Tedaviye nereden başlamalı?

İlaç seçiminde hata yapmamak için muayene ve araştırma aşamasında ihtiyacınız olanın antibiyotik olduğundan emin olmanız gerekir. Boğaz ağrısına neyin sebep olduğunu yalnızca dış belirtilerden anlamak imkansızdır. Bu daha sık olmasına rağmen. İltihap ve diğer sorunlarla baş etme konusunda tecrübesi olan bir doktor durumu inceleyecek ve hemen tedaviyi reçete edecektir. İdeal olarak her şey farklı görünür.


Nasıl içileceğine dair nüanslar

Size bu tür tabletler reçete edildiyse, antibiyotiklerin doğru şekilde nasıl alınacağına dikkat edin. Temel kurallara uymak, hızlı iyileşmenizi ve vücuda daha az zarar vermenizi sağlayacaktır.


Yan etkiler

Tedavi sırasında hasta sıklıkla çeşitli organ ve sistemlerden gelen reaksiyonlarla karşılaşır. Lütfen bazen midenizin bulandığını, ishal, şişkinlik ve baş ağrısı hissettiğinizi unutmayın. Sorunun çözümüne yardımcı olacak olan doktorunuza bu durumu derhal bildirin.

Bazen vücutta bir döküntü belirir. Bu ilaca karşı bir alerjidir. Bunu önlemek için ilaçlar reçete edilir. Burada kendiniz bir tedavi yöntemi üretmeyin, bırakın doktor reçete yazsın.

Antibiyotikler onlarca hastalığın tedavisine yardımcı olan vazgeçilmez bir ilaçtır. Görünür zararsızlıklarına rağmen, düşüncesizce alınmamalıdırlar.

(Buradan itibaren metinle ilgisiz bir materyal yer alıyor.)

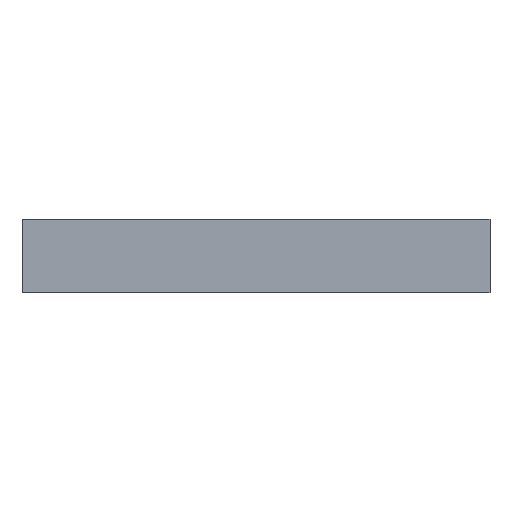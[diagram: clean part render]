
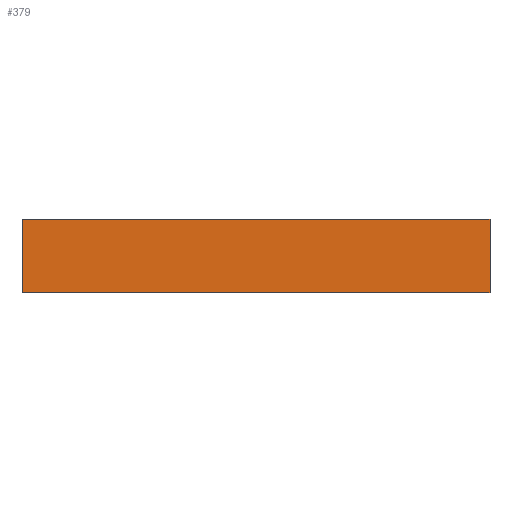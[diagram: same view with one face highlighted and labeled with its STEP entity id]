
A CAD part, left-side view. The second image highlights one B-rep face of the part: STEP entity #379.
In plain terms, the highlighted planar face has unit normal (-1, 0, 0).
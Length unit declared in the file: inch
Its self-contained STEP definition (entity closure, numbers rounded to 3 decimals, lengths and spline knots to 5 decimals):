
#10 = VECTOR ( 'NONE', #173, 39.37008 ) ;
#13 = CARTESIAN_POINT ( 'NONE',  ( -13., 2., -0.3125 ) ) ;
#29 = CARTESIAN_POINT ( 'NONE',  ( -13., 2., 0.3125 ) ) ;
#42 = FACE_OUTER_BOUND ( 'NONE', #127, .T. ) ;
#73 = ORIENTED_EDGE ( 'NONE', *, *, #125, .T. ) ;
#93 = LINE ( 'NONE', #13, #628 ) ;
#125 = EDGE_CURVE ( 'NONE', #796, #373, #93, .T. ) ;
#127 = EDGE_LOOP ( 'NONE', ( #73, #810, #517, #510 ) ) ;
#147 = CARTESIAN_POINT ( 'NONE',  ( -13., 2., 0.3125 ) ) ;
#156 = DIRECTION ( 'NONE',  ( 0., -1., 0. ) ) ;
#169 = DIRECTION ( 'NONE',  ( 1., 0., 0. ) ) ;
#173 = DIRECTION ( 'NONE',  ( 0., -1., 0. ) ) ;
#183 = DIRECTION ( 'NONE',  ( 0., 0., -1. ) ) ;
#223 = CARTESIAN_POINT ( 'NONE',  ( -13., -2., 0.3125 ) ) ;
#237 = CARTESIAN_POINT ( 'NONE',  ( -13., 2., 0.3125 ) ) ;
#247 = PLANE ( 'NONE',  #694 ) ;
#277 = LINE ( 'NONE', #147, #432 ) ;
#304 = CARTESIAN_POINT ( 'NONE',  ( -13., -2., -0.3125 ) ) ;
#328 = DIRECTION ( 'NONE',  ( 0., 0., -1. ) ) ;
#336 = VERTEX_POINT ( 'NONE', #223 ) ;
#373 = VERTEX_POINT ( 'NONE', #304 ) ;
#379 = ADVANCED_FACE ( 'NONE', ( #42 ), #247, .F. ) ;
#397 = EDGE_CURVE ( 'NONE', #782, #336, #418, .T. ) ;
#418 = LINE ( 'NONE', #237, #10 ) ;
#432 = VECTOR ( 'NONE', #328, 39.37008 ) ;
#454 = CARTESIAN_POINT ( 'NONE',  ( -13., -2., 0.3125 ) ) ;
#482 = CARTESIAN_POINT ( 'NONE',  ( -13., 2., 0.3125 ) ) ;
#510 = ORIENTED_EDGE ( 'NONE', *, *, #634, .T. ) ;
#517 = ORIENTED_EDGE ( 'NONE', *, *, #397, .F. ) ;
#588 = VECTOR ( 'NONE', #183, 39.37008 ) ;
#595 = EDGE_CURVE ( 'NONE', #336, #373, #699, .T. ) ;
#628 = VECTOR ( 'NONE', #156, 39.37008 ) ;
#634 = EDGE_CURVE ( 'NONE', #782, #796, #277, .T. ) ;
#681 = DIRECTION ( 'NONE',  ( 0., 0., -1. ) ) ;
#694 = AXIS2_PLACEMENT_3D ( 'NONE', #482, #169, #681 ) ;
#699 = LINE ( 'NONE', #454, #588 ) ;
#740 = CARTESIAN_POINT ( 'NONE',  ( -13., 2., -0.3125 ) ) ;
#782 = VERTEX_POINT ( 'NONE', #29 ) ;
#796 = VERTEX_POINT ( 'NONE', #740 ) ;
#810 = ORIENTED_EDGE ( 'NONE', *, *, #595, .F. ) ;

Uygun tedaviyi önerecek bir doktora başvurun.

Antibiyotik tedavisi hakkında video

Bu videoda hapların dozajını ve süresini takip etmenin ne kadar önemli olduğunu öğreneceksiniz:

İlaçlar farklıdır: Eczanelerde yalnızca reçeteye göre değil, yalnızca özel yuvarlak mühürle onaylanmış belgelere göre dağıtılan tehlikeli narkotik ilaçlar vardır; Neredeyse hiçbir önlem gerektirmeyen güvenli vitaminler vardır. Peki antibiyotikler çeşitli terapötik ajanlar arasında hangi yeri işgal ediyor?
Antibiyotik ciddi bir ilaçtır ancak hemen hemen tüm eczanelerde reçetesiz satılmaktadır. Doktorlar, antimikrobiyal ajanların satışını sıkılaştırmak için her türlü önlemi almak için defalarca bununla mücadele etmeye çalıştılar, ancak bugün durum değişmedi: herhangi bir antibiyotik, herhangi bir tıbbi tavsiye olmadan eczaneden satın alınabilir.
Ancak reçete bile ilacın doğru kullanımını garanti etmez. Bu yazıda antibiyotik tedavisinin temel zorluklarına ve hatalarına bakacağız.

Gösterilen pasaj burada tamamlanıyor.